Can some public-spirited individual post youtube links for the other CoPS talks?
To answer my own question, in the source code of each video web page there is a HTML5 VIDEO element with a data-youtube-id attribute, from which the youtube url can be derived, e.g. for the Caspar Bowden video:
Aspie: given the trolls we have had recently I think it's expected that we will soon have them impersonating regulars (Clive, Dirk, etc.) for their own amusement. If this becomes an issue - rather than authenticating users I think it wouldn't be too difficult for an extension to moveable type that - if a submission is published with the PGP SIGNED header for it to pull it out and if its a valid sig then add an icon (maybe a little tick or something) and put the keyID and fingerprint next to the name. Or we could just have optional registration for those who are victims. Those registered names can't be entered as free text (you'd probably want to strip out everything nonASCII and ignore spaces and surpious dots so they don't work around it) anymore and those who post as regd users get an icon or color change to signify they are registered. I don't think it is a big deal esp if you maintain the ability for anyone to post without registering and keep it optional. Those who cared could go through proxies anyway...
@Mike the goat
That sounds like a workable scheme.
I also thought about bayesian analysis of postings.

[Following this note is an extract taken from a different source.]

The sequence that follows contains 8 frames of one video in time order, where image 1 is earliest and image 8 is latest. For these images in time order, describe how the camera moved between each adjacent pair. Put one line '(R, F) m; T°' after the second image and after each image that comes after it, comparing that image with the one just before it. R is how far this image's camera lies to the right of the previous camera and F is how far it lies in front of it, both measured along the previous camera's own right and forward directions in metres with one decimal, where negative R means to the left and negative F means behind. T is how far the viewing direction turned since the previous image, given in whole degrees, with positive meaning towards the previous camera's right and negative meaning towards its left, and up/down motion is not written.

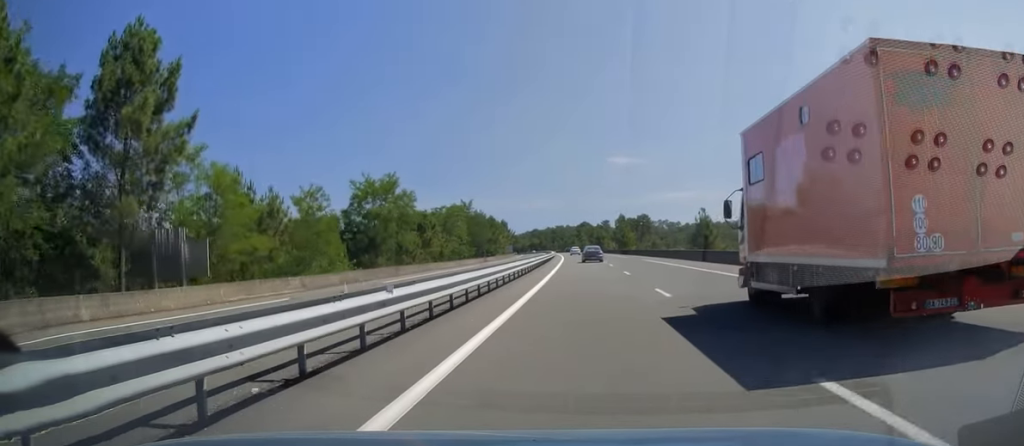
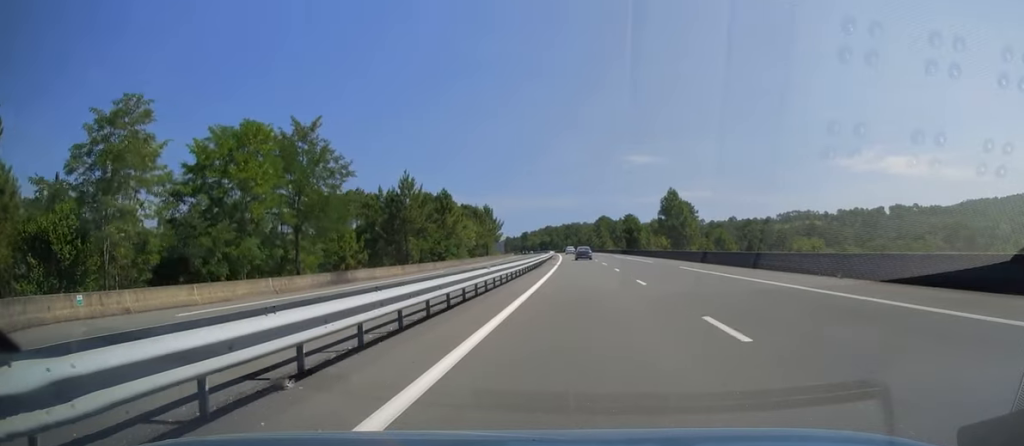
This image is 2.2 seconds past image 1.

Individual writing idiosyncrasies could make our posts more identifiable. If the bayesian filter became confused/undecided it could request an additional verification step - such as your key idea?
During the talk you mentioned that is is not unrealistic to store all the data's internet trace of one user per year. Between 40 to 80GB + 5GB for phone conversation / year.
How do you get to those numbers?
Many thanks, M
Schneier.com is a personal website. Opinions expressed are not necessarily those of Co3 Systems, Inc.